Ecco le nuove soglie di punibilità per come modificate dalla riforma:

 

REATO
VECCHIE SOGLIE
NUOVE SOGLIE
FORBICE DEPENALIZZATA
Omessa presentazione della dichiarazione redditi e dell’IVA
Da 30.000 euro in su Da 50.000 euro in su Evasioni da 30.000 a 50.000 euro
Dichiarazione infedele
Da 50.000 euro in su

Imponibile di 2mln di euro

Da 150.000 euro in su

Imponibile di 3mln di euro

Evasioni da 50.000 a 150.000 euro
Omesso versamento di ritenute certificate
Da 50.000 euro in su Da 150.000 euro in su Condotte da 50.000 a 150.000 euro
Omesso versamento IVA
Da 50.000 euro in su Da 250.000 euro in su Evasioni da 50.000 euro a 250.000 euro

 

 

Le novità per gli accertamenti dalla Legge di Stabilità

La legge di Stabilità elimina la possibilità di raddoppiare gli ordinari termini di accertamento in presenza di violazioni per le quali è stata presentata la denuncia penale per uno dei reati tributari contenuti nel decreto legislativo 74/2000. Inoltre, in sostituzione dell’attuale disciplina, dispone un ampliamento dei termini ordinari di rettifica delle dichiarazioni dei redditi e dell’Iva

 

In materia di reati

I poteri di accertamento vanno esercitati entro il 31 dicembre del 5° anno successivo o entro il 31 dicembre del 7° anno successivo in caso di dichiarazione omessa o nulla.

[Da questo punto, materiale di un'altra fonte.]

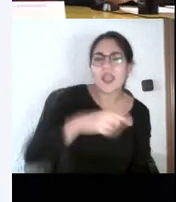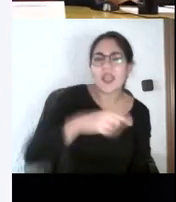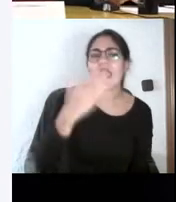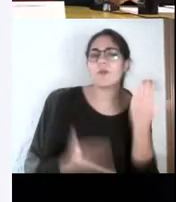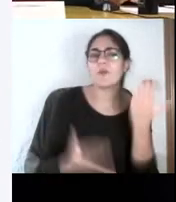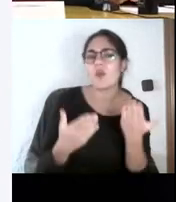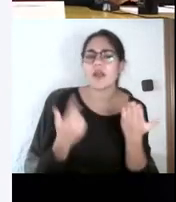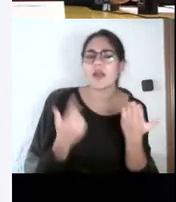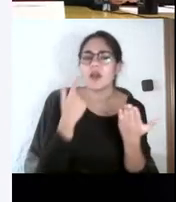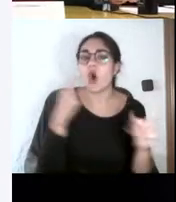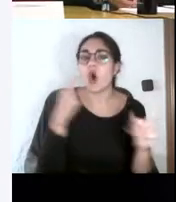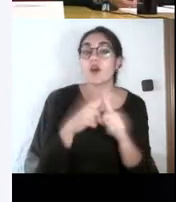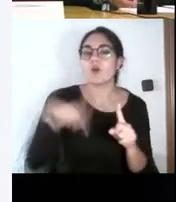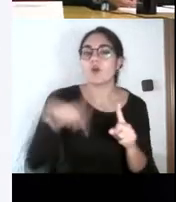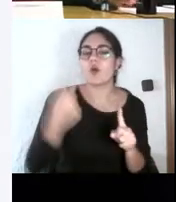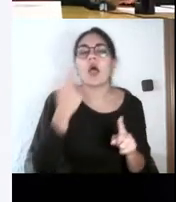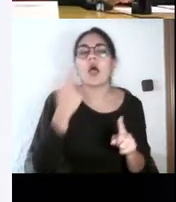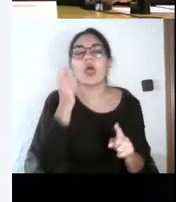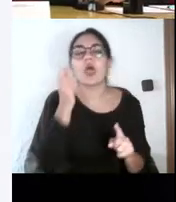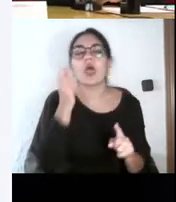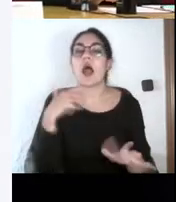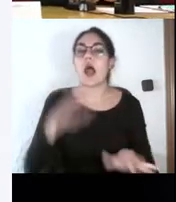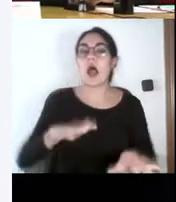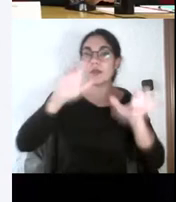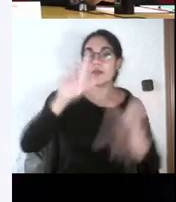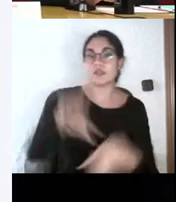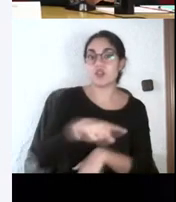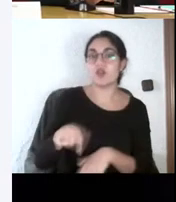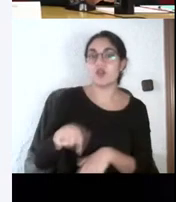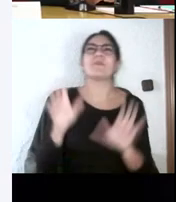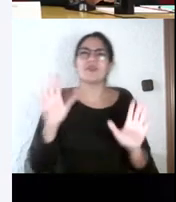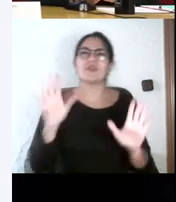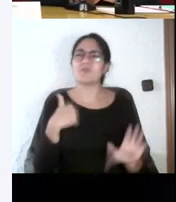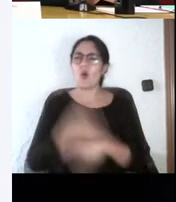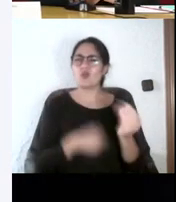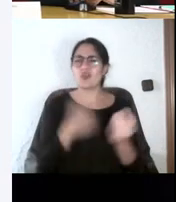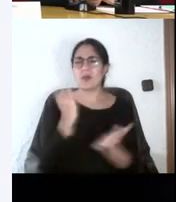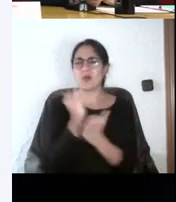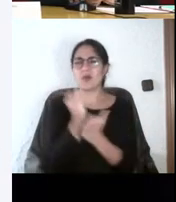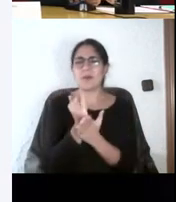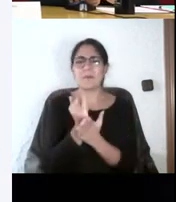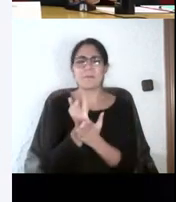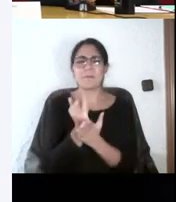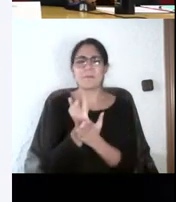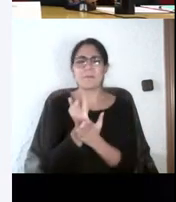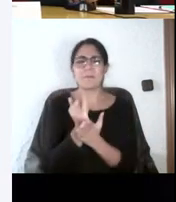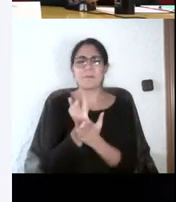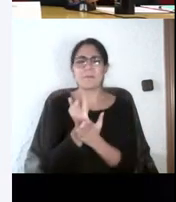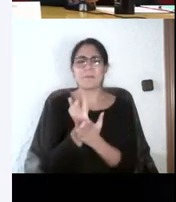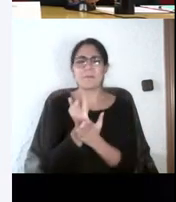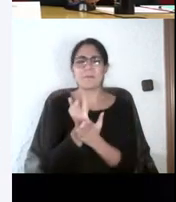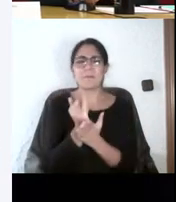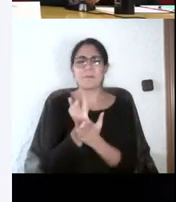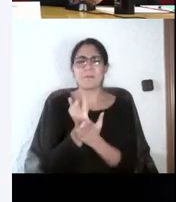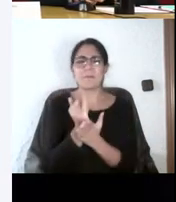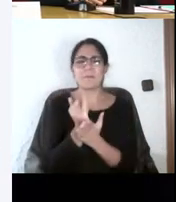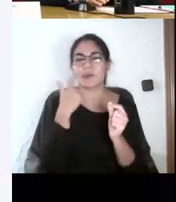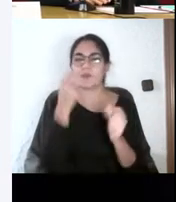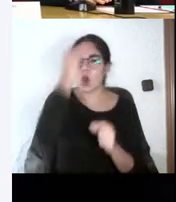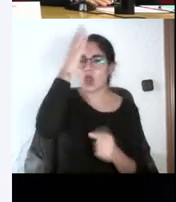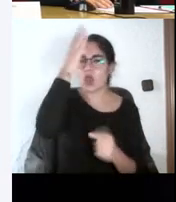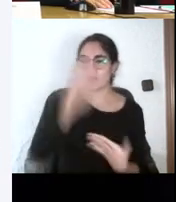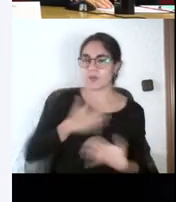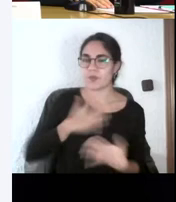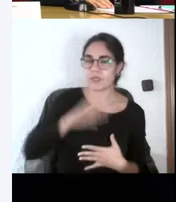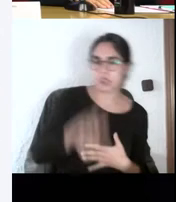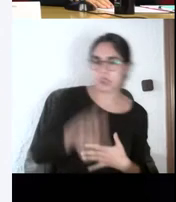en realizar pruebas que efectivamente puedan servir para no solo medir el grado de conocimiento o de

La novità si applica a decorrere dal periodo di imposta 2016 con riferimento a Unico 2017.

La modifica comporta una serie di conseguenze anche di ordine pratico, a partire dal risolvere all’origine i dubbi applicativi ancora oggi esistenti sull’operatività dell’istituto del raddoppio dei termini

 

Le conseguenze

L’amministrazione finanziaria potrà usufruire per tutti gli accertamenti di maggiori termini – anche riguardanti violazioni irrilevanti penalmente – di maggiori termini, a prescindere dalla presenza o meno di un reato.


[1] Art. 2 d.lgs. n. 74/2000

[2] Cass. sent. n. 891/16 del 13.01.2016.